As all of us move forward in this year I hope that we each Take Better Care; of our families, friendships, health, spirit, mind, finances, homes, children, lives, whatever needs it. 
 I have regrets. I don't know a person who doesn't on some level. I won't forget my mistakes, it would be wrong to not acknowledge them because they have brought me to where I am today. But they don't have to be painful either. I desire to move forward in my life and recognize those things ahead of me. I think that is a better way to Take Better Care of myself at this time. 
Love,
H

 Your past is not your potential. In any hour you can choose to liberate the future.   Ferguson, Marilyn





Monday, December 24, 2012

Merry Christmas From the Blamires Duo

This is the first year since Casey and I have been together, (and come to think of it since I was about 18) that I haven't sent a single Christmas Card to anyone. I mean, I haven't even sent one to my parents... Wow that makes me feel terrible.
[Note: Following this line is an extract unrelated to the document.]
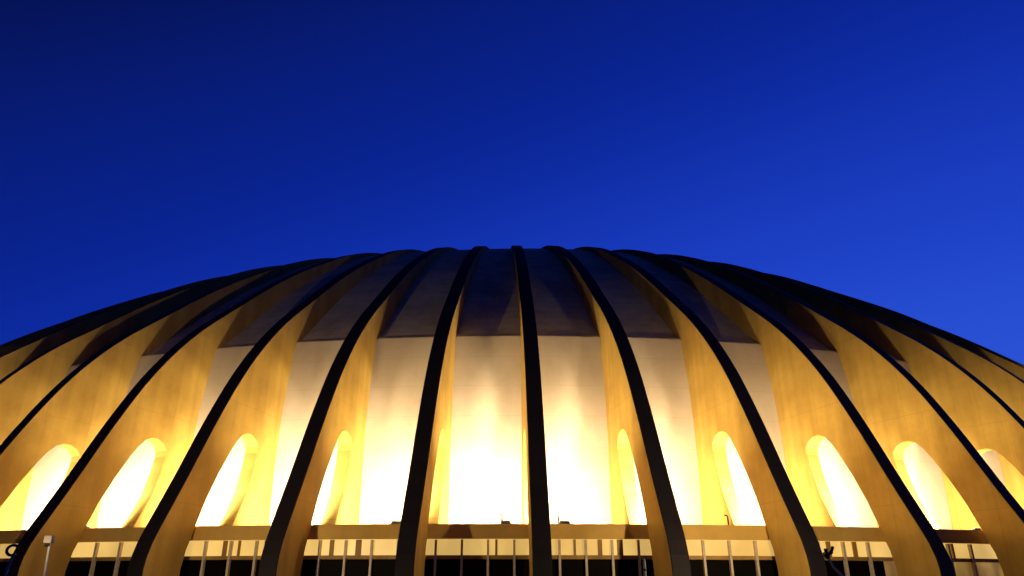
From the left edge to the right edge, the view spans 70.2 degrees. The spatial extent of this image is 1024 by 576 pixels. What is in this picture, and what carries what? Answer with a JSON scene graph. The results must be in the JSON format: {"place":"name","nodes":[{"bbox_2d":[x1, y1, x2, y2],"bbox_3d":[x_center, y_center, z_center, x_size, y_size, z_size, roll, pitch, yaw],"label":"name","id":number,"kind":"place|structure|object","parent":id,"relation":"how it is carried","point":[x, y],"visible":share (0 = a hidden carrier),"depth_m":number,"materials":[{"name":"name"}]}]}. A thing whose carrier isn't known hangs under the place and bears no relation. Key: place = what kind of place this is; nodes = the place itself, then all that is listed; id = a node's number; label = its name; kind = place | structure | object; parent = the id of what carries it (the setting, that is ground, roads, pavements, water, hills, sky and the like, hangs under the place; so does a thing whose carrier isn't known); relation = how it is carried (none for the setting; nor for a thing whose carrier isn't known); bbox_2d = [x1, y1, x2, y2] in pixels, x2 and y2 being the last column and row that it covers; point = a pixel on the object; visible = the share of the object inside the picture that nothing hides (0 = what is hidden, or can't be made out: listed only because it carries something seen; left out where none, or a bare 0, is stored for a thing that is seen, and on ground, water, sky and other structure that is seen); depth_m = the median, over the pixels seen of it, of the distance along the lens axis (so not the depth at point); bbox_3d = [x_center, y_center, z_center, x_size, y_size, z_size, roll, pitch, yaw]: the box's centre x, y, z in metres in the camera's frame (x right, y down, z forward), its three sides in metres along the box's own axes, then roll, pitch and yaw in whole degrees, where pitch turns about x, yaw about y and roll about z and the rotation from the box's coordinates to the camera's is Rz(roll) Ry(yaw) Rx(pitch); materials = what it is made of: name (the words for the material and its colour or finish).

My reasons are not Scrooge or Grinch related (although plenty of that has gone around this season) but rather I had no time or energy. Seriously. That's it. And by the time I had time or energy it dawned on me that it's Christmas Eve. Yikes! 
So I guess this is my Christmas Card this year. 

Casey and Heather have had an exciting year. It was filled with a lot of firsts.
Heather got her first stamp on her passport. She hopes to have many more in future years. It was an exciting moment for her. 
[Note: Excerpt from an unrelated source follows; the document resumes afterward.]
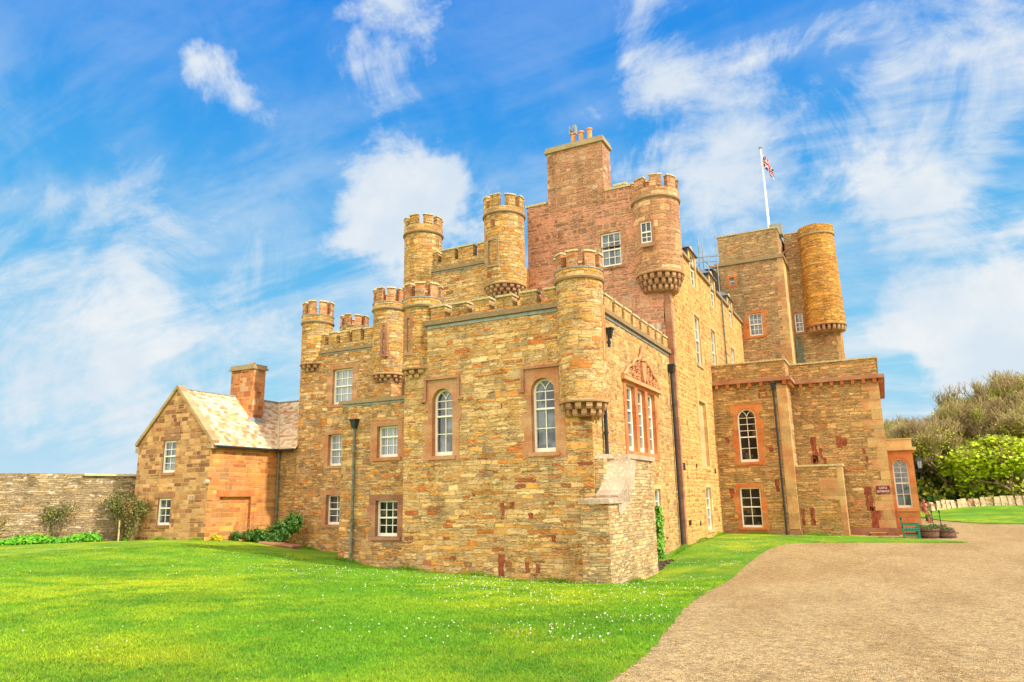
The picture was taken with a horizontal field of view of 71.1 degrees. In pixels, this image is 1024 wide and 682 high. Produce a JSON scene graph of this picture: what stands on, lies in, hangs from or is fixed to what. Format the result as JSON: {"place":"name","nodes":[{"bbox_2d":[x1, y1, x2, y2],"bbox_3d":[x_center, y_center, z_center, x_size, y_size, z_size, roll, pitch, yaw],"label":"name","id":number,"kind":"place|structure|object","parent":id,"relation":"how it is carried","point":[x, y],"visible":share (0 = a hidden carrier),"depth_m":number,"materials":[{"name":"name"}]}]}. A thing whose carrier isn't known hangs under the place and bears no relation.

We welcomed both a new nephew in January, and a darling new niece in November. Wow! that makes 5 on Casey's side and 3 on Heather's! We love being Uncle Casey and Aunt Heather!!!! 

Heather went whitewater rafting for the first time and fell out of the boat. 
It's hilarious now......See older posts for details. 

Casey tried sushi for the first time and LOVED it.


Both attended school this fall. 
Once again Casey did very well in all his classes. We don't have the final grades yet but he was pretty confident that things went really well. He also really enjoyed tutoring in the Spanish lab. It helps not only the other students but him to continually practice and keep up that second language. He is sort of toying with the idea of a teaching degree because he loves helping people learn a language he loves so much. But first he says he has to survive the degree he is pursuing at this time.  

Heather completed her phlebotomy course and is now a certified phlebotomist. No job prospects yet which makes her nervous but patience and prayer will no doubt help. She loved what she learned and working in her clinical settings. She is toying with the idea of continuing on in the medical path and completing the EMT Basic course. Right now however she is just grateful to be done with this class. It was kind of intense for her. 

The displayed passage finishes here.